What is the “business model” that everyone is talking about? Arguably, our 242-year-old post office had a successful “business model” for about 30 years: the 1970’s, 80’s, and 90’s. With the Postal Reorganization Act of 1970, the name was changed to the United States Postal Service and revenue was to make USPS largely self-sustaining through postage. Governance was changed to the Board of Governors, the Postal Rate Commission regulated pricing based on costs, and 80 percent of postal costs were determined through nonpublic collective bargaining with unions.
How did the “business model” work well for three decades? The creators of the Postal Reorganization Act of 1970 had perfect timing. The USPS business model really only worked during a period of superhuman growth in mail volume. Most attribute the unusual growth rate to the takeoff of both direct mail marketing and private sector work-sharing with the USPS. But a business model that only works with the steepness of the volume curve for those three decades obviously is not a sustainable business model.
Indeed, the steepness of the curve in the 70’s, 80’s, and 90’s can be viewed as an aberration rather than a norm that we could expect to continue.
Why does the USPS business model depend so much on such rapid volume growth? Because the growth of this high-volume, low-cost per-piece product must outpace the 80 percent labor-intensity of USPS.

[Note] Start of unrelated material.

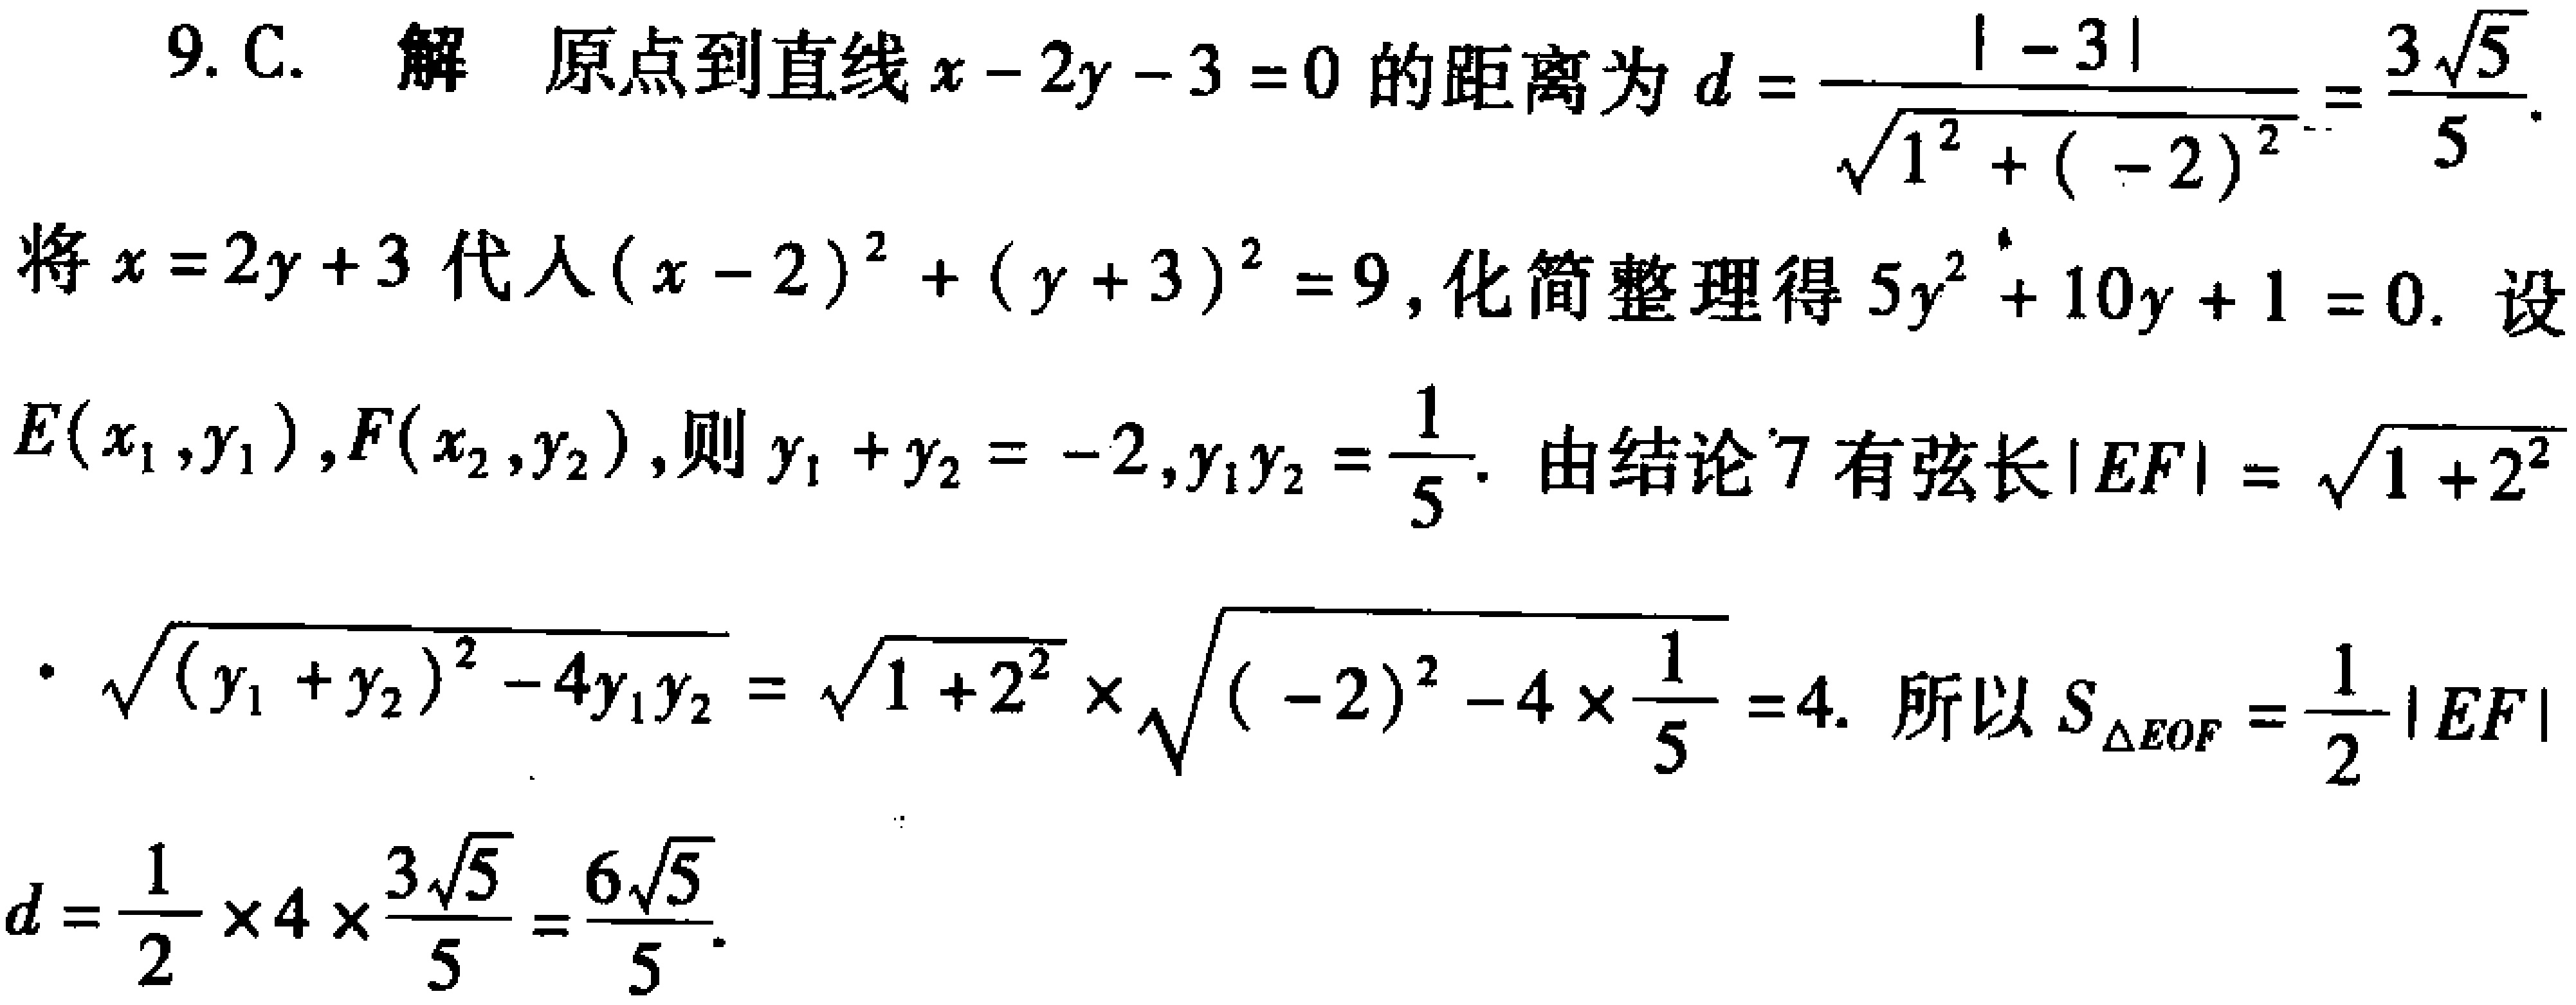
9. C. 解 原点到直线\(x - 2y - 3 = 0\)的距离为\(d = \frac{\vert - 3\vert}{\sqrt{1^{2} + ( - 2)^{2}}}=\frac{3\sqrt{5}}{5}\).
将\(x = 2y + 3\)代入\((x - 2)^{2} + (y + 3)^{2} = 9\), 化简整理得\(5y^{2} + 10y + 1 = 0\). 设\(E(x_{1},y_{1})\), \(F(x_{2},y_{2})\), 则\(y_{1} + y_{2} = - 2\), \(y_{1}y_{2} = \frac{1}{5}\). 由结论7有弦长\(\vert EF\vert = \sqrt{1 + 2^{2}}\cdot\sqrt{(y_{1} + y_{2})^{2} - 4y_{1}y_{2}} = \sqrt{1 + 2^{2}}\times\sqrt{( - 2)^{2} - 4\times\frac{1}{5}} = 4\). 所以\(S_{\triangle EOF} = \frac{1}{2}\vert EF\vert d=\frac{1}{2}\times4\times\frac{3\sqrt{5}}{5}=\frac{6\sqrt{5}}{5}\).

A goal of most currently successful business models is to compete by, among other things, bringing and keeping costs as low as possible. They do this through strategies such as automation, self-service, innovation, robotics, downsizing, outsourcing, reducing or limiting compensation, and global supply management. But businesses that rely on human work in fixed locations as their primary mode of operation have limitations in their access to these strategies. In the three decades of amazing mail volume growth, USPS was able to prosper because extreme volume growth covered ever-increasing labor-intensity costs.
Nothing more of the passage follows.